Por Gabrielle E. R. Gomes
O conceito de sagrado feminino está enraizado em várias culturas e tradições espirituais ao redor do mundo, remetendo a uma reverência pela essência feminina que transcende o gênero e a sexualidade. Não se trata de um culto religioso tampouco de uma identidade partidária, mas de uma celebração da energia feminina e conexão com a natureza e uma espiritualidade que honra as qualidades associadas ao feminino, isto é, a intuição, criação, o cuidado, a sabedoria, fertilidade, criatividade e a conexão.
Esse conceito é muitas vezes representado por arquétipos femininos presentes em mitologias, como a deusa mãe, que simboliza a nutrição e a criação, ou a deusa guerreira, que encarna a força e a proteção. E essas figuras não apenas reverenciam o feminino como também são modelos de empoderamento, permitindo a conexão com aspectos profundos de si mesma e da sua essência. Por isso, nesse contexto, o empoderamento está além do mero fortalecimento de direitos ou da luta por igualdade; trata-se de um processo de reconexão com o próprio poder interior a partir de uma figura que faça sentido para si, acessando sua identidade com propósito independentemente das expectativas sociais ou das normas patriarcais.
Essa reconexão com a espiritualidade é muitas vezes catalisada através de práticas meditativas, rituais que envolvem a expressão corporal com danças e cantos, celebrações de conexão com a natureza e várias outras formas de expressão artística e espiritual que auxiliam na liberação de emoções reprimidas, na reconquista da autoconfiança e no redescobrimento do próprio valor, norteando um caminho em direção a uma cura profunda sobretudo de experiências traumáticas que muitas vezes levam à dissociação da própria identidade. Além disso, também é muito comum que violências, abusos e outras formas de opressão gerem a internalização de sentimentos de culpa, vergonha, medo, e distanciamento físico, emocional e espiritual das características que definem as suas feminilidades, resultando em um ciclo de auto alienação e desvalorização.
Dito isso, o trauma não afeta apenas o psicológico, mas também se manifesta no corpo. Mulheres traumatizadas muitas vezes experimentam sintomas psicossomáticos como dores crônicas, distúrbios gastrointestinais e disfunções sexuais, por exemplo, que podem ser exacerbadas devido à repressão emocional e problemáticas patriarcais. E uma das formas mais poderosas de cura e empoderamento é através da reconquista da própria voz. A voz, aqui, é entendida não apenas como a capacidade de falar, mas como a expressão autêntica do eu interior, seja através da fala, da arte, da escrita ou de outras formas criativas. Contar sua própria história é uma das formas mais eficazes de empoderamento por permitir reinterpretar suas experiências sob uma nova ótica, transformando a dor em poder.
Os grupos de apoio e as terapias narrativas são alguns dos métodos que facilitam essa expressão, proporcionando um ambiente seguro para compartilhar suas histórias sem temer julgamentos. Já nos círculos de mulheres, é como se fizessem parte de um microcosmos de uma comunidade maior.
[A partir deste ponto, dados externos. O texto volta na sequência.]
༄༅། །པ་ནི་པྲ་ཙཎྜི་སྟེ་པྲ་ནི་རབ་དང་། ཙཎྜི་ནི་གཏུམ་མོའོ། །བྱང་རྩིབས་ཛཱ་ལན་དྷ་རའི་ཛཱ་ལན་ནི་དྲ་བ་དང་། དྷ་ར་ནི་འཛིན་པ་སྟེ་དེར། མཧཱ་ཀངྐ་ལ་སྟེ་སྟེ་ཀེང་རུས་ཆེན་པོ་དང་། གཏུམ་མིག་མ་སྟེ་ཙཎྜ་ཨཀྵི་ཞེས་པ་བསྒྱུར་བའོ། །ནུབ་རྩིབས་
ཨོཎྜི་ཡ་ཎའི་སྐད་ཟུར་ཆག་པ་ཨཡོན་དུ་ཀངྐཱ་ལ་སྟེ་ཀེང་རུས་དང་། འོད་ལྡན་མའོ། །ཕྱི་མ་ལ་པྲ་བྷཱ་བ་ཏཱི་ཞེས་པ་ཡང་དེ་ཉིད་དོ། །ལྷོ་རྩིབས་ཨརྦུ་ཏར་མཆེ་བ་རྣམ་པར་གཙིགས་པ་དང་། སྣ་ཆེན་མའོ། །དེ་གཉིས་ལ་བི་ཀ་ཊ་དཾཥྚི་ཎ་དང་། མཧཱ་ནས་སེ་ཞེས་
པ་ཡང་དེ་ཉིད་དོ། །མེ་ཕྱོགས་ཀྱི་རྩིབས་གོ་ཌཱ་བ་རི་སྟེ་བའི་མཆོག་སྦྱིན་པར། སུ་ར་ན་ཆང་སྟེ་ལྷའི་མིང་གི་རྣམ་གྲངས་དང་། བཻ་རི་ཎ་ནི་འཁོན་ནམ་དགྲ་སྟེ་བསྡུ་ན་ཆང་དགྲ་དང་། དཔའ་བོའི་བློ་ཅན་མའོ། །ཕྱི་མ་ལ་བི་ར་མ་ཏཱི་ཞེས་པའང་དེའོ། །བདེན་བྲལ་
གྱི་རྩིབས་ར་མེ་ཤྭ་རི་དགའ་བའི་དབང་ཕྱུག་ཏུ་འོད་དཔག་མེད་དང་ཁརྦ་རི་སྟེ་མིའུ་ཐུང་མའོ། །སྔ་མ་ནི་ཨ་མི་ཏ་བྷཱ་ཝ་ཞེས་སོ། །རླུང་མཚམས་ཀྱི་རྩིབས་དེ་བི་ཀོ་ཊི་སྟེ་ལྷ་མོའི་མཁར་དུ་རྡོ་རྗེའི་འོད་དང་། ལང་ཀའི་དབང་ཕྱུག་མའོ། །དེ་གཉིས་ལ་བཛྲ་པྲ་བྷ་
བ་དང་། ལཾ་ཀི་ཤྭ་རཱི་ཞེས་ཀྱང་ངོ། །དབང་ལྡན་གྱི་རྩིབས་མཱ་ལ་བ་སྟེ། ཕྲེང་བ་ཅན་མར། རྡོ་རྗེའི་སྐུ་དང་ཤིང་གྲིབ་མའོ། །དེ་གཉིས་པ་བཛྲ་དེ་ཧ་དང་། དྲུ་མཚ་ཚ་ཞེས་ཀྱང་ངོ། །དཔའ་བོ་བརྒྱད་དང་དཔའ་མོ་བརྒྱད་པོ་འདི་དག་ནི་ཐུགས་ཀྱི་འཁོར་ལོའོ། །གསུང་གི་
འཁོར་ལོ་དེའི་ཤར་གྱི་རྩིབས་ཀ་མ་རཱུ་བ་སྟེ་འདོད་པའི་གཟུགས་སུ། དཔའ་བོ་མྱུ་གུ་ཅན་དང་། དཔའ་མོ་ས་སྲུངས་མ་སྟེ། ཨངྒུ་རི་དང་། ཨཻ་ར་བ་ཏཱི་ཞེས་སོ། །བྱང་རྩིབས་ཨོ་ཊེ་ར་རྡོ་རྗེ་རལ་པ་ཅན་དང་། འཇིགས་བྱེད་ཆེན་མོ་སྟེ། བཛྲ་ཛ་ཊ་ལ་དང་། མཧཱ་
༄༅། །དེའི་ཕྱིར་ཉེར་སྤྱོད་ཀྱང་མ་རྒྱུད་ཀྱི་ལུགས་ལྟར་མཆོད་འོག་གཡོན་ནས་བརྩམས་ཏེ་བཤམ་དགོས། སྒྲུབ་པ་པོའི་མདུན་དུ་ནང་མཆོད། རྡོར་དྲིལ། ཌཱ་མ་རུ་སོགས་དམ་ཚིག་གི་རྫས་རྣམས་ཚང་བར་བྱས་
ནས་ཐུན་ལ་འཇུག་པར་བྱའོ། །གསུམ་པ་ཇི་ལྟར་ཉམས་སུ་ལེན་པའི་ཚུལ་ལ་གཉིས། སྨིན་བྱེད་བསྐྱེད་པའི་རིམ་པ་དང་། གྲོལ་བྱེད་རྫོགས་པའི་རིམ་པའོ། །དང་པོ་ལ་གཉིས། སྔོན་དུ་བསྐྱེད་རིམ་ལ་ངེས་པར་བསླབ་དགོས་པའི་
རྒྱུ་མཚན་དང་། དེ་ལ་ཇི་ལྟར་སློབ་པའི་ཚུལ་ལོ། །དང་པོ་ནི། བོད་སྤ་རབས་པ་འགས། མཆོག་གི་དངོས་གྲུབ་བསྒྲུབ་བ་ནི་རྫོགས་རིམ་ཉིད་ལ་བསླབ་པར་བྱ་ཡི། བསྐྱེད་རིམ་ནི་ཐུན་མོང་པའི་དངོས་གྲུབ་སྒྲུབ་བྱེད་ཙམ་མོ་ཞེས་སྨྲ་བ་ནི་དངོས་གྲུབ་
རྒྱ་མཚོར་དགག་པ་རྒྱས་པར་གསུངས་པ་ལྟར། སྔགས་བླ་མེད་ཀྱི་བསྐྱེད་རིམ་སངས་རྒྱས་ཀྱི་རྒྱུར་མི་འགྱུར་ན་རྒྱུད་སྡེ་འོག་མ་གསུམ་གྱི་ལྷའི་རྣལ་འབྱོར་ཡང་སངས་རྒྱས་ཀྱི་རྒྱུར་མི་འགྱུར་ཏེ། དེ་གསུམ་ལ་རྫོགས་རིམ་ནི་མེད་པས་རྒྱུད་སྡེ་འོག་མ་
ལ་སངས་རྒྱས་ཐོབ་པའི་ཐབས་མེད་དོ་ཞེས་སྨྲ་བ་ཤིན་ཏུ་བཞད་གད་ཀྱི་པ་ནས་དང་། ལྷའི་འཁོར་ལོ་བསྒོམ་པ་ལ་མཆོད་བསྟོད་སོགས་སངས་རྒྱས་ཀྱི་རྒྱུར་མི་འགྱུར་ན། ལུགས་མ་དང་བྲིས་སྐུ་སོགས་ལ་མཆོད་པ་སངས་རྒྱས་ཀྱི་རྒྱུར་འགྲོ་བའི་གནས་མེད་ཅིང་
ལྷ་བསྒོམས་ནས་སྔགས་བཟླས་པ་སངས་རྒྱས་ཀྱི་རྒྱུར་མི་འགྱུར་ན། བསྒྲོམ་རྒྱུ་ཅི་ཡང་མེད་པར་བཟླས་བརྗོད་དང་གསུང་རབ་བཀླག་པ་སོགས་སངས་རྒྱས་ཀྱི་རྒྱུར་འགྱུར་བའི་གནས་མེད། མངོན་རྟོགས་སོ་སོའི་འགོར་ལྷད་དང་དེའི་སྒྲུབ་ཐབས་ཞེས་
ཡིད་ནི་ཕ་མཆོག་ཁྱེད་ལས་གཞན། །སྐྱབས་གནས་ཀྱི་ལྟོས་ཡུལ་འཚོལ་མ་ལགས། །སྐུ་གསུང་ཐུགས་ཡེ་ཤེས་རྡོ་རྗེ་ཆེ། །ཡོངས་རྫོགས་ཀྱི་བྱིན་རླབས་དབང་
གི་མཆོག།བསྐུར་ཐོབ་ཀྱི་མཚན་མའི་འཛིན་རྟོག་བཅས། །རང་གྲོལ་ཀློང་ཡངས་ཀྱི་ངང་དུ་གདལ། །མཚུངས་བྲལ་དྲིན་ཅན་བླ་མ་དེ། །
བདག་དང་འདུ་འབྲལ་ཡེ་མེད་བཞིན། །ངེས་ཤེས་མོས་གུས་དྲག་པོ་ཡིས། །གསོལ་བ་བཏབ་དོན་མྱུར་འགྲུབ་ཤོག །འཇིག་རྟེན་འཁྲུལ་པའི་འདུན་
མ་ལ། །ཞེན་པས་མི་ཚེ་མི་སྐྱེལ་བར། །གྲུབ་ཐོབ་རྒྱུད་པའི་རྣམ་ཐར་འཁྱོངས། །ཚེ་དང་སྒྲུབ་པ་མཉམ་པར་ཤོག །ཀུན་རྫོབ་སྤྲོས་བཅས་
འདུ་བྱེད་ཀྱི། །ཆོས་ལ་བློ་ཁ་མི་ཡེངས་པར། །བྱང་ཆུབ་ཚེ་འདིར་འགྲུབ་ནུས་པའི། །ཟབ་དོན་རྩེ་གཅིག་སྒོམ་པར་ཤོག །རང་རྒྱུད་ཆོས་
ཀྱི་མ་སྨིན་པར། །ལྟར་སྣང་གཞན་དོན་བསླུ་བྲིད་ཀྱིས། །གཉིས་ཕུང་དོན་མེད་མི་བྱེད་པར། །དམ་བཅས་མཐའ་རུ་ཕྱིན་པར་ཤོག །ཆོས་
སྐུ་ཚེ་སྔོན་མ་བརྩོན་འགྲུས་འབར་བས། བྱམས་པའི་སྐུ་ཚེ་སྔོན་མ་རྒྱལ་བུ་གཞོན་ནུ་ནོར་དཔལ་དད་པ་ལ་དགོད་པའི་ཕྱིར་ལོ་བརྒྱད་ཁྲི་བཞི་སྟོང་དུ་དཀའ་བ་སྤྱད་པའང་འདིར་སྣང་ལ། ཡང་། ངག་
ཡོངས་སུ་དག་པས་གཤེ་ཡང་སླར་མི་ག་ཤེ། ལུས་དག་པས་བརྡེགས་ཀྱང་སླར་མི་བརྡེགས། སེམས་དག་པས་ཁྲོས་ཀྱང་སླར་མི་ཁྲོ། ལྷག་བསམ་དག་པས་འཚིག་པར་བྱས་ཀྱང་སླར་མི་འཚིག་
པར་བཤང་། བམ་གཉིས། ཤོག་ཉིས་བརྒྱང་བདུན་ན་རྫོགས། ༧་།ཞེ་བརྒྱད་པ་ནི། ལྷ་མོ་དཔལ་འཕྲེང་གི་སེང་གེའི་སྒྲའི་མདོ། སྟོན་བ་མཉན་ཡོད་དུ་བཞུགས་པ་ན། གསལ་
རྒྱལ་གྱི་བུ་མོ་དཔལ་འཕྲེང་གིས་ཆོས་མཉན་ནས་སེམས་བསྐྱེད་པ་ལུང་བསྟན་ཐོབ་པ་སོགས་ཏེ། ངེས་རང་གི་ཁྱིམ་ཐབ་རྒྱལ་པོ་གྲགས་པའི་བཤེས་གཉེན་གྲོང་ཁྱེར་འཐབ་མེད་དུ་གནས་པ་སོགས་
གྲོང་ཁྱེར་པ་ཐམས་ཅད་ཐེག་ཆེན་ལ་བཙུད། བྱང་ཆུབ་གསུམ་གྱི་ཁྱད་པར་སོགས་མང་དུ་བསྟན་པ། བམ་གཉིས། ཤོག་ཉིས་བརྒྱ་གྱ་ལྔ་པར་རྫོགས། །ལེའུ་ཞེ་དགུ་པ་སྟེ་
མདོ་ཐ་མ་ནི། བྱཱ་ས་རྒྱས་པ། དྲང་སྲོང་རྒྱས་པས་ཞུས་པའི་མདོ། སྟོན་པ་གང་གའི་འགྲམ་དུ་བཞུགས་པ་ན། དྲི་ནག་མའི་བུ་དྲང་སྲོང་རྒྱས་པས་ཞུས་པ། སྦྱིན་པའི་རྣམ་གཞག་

Com apoio mútuo, as participantes são convidadas a compartilhar suas experiências, expressar emoções frequentemente reprimidas e celebrar a feminilidade existente dentro de cada uma, favorecendo seu empoderamento.
Além disso, a arte também tem um papel fundamental nesse processo. A pintura, a escultura, a dança e a música são outros meios pelos quais é possível expressar emoções por vezes difíceis de verbalizar. Isso pode ocorrer em rituais e práticas espirituais como meditações guiadas, jornadas xamânicas, círculos de mulheres, cerimônias de lua e outros ritos que celebram o corpo, a mente e o espírito. As cerimônias de lua, particularmente as de lua nova e cheia, são práticas muito comuns no sagrado feminino por sintonizarem com os ciclos da natureza e celebrarem a conexão com a Terra. A lua, com suas fases mutáveis, é símbolo de feminilidade, morte e renascimento, representando a ciclicidade da vida.
Por fim, o sagrado feminino como caminho de autoconhecimento, desenvolvimento espiritual e empoderamento oferece às mulheres um modo de se reconectar consigo mesmas no âmbito mais profundo, atribuindo novos significados às suas experiências traumáticas. Honrar o feminino dentro de si favorece a cura de feridas profundas causadas por traumas, preconceitos, crenças limitantes, diferentes culturas e formas de opressão, em um processo de redescobrir sua própria voz e expressar-se plenamente no mundo, não apenas sobrevivendo, mas florescendo em sua totalidade. Empoderamento, nesse contexto, não é apenas uma questão de adquirir poder, mas de recuperar o poder que sempre esteve presente, mas foi obscurecido por outras pessoas conscientemente ou não.